(Data entries)

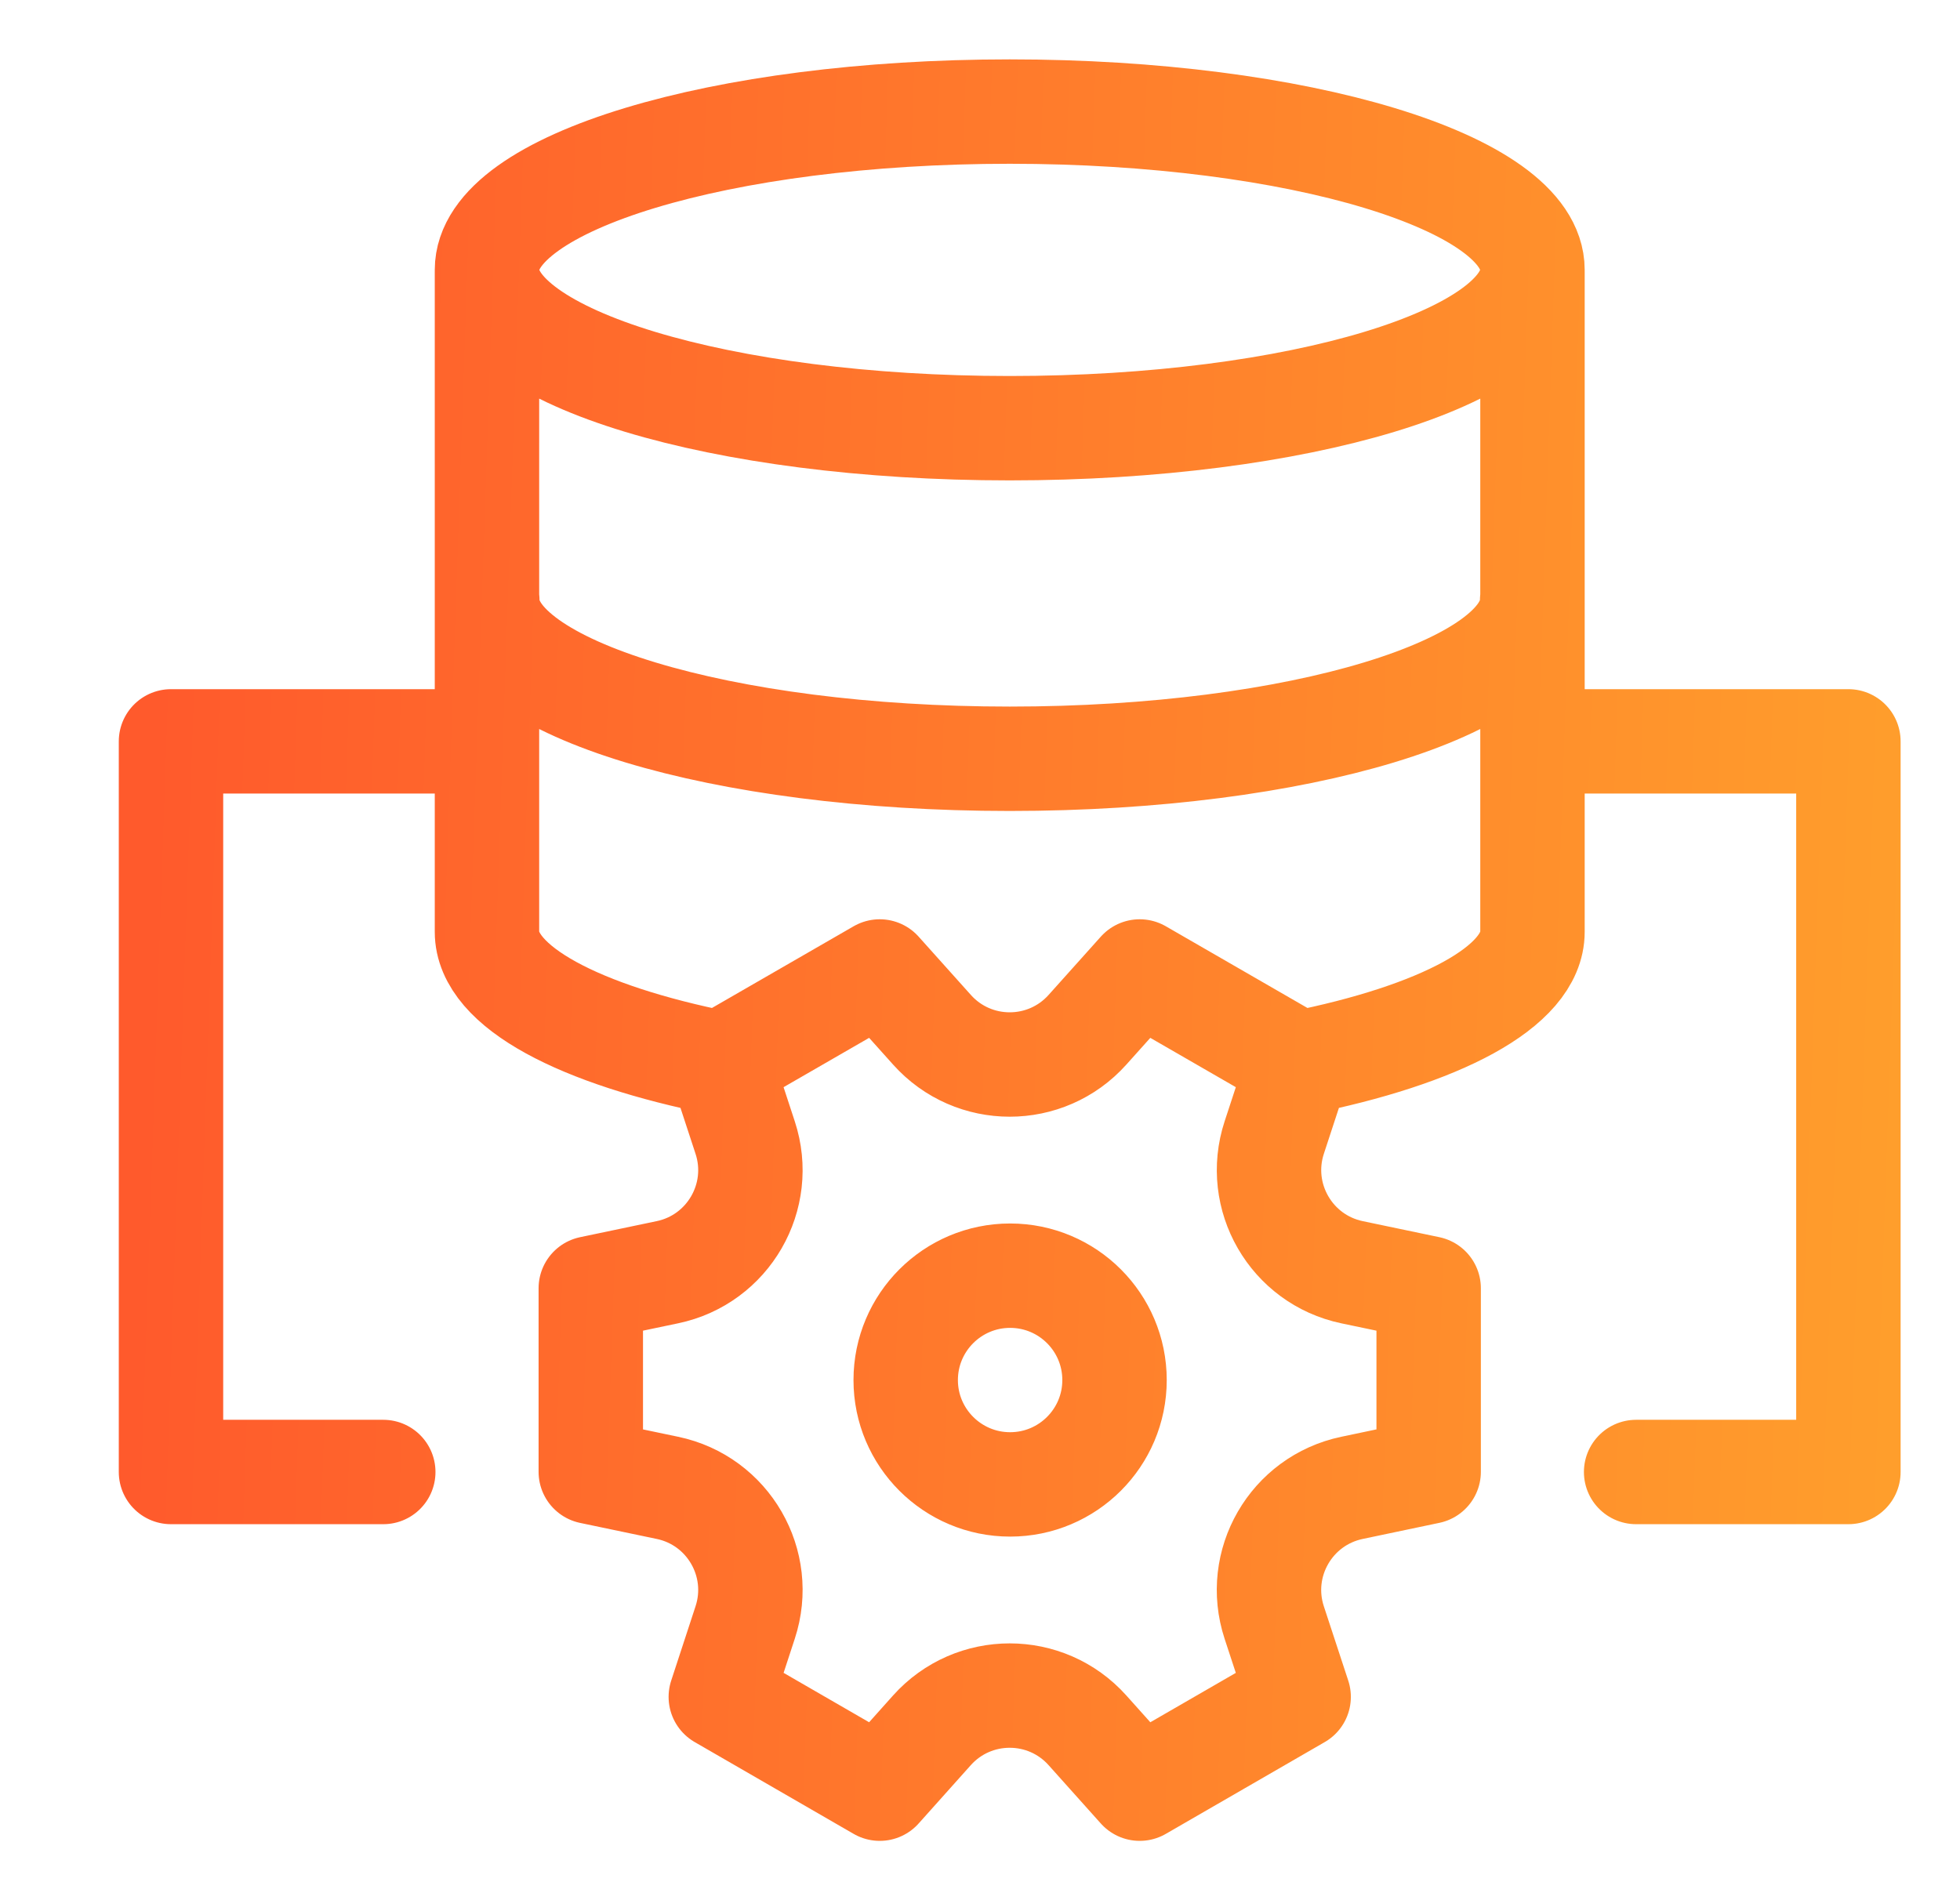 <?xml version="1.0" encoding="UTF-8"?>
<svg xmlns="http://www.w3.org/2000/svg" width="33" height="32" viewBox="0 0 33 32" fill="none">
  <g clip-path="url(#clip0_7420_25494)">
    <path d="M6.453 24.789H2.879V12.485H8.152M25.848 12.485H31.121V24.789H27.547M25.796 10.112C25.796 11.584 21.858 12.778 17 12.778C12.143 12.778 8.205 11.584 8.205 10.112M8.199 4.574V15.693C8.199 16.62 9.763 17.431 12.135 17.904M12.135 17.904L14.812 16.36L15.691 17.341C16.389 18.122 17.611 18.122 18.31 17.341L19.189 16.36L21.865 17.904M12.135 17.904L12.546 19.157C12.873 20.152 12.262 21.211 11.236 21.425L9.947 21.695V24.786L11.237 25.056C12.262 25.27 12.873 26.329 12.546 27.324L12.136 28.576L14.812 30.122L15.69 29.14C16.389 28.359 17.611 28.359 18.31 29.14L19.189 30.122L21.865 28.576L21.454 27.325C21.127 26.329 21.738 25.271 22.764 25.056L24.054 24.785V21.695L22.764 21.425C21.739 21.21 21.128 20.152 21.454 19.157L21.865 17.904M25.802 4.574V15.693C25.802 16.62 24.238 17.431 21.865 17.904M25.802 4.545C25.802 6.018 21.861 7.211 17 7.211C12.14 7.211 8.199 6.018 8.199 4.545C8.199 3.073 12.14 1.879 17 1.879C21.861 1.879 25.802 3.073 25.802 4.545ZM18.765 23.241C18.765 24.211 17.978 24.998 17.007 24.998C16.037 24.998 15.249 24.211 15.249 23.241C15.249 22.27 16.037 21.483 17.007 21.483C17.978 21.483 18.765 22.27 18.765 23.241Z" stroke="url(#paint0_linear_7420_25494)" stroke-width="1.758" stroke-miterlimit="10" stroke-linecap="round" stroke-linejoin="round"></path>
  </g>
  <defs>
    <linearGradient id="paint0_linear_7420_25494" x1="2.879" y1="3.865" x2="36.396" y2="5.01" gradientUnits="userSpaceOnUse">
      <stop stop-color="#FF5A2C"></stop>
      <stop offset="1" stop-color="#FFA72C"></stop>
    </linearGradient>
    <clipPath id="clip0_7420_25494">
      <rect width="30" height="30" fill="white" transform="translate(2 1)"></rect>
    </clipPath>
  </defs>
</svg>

## Work task:
Report every line of the entries that carries the word "height".

## Solution for this problem:
<svg xmlns="http://www.w3.org/2000/svg" width="33" height="32" viewBox="0 0 33 32" fill="none">
      <rect width="30" height="30" fill="white" transform="translate(2 1)"></rect>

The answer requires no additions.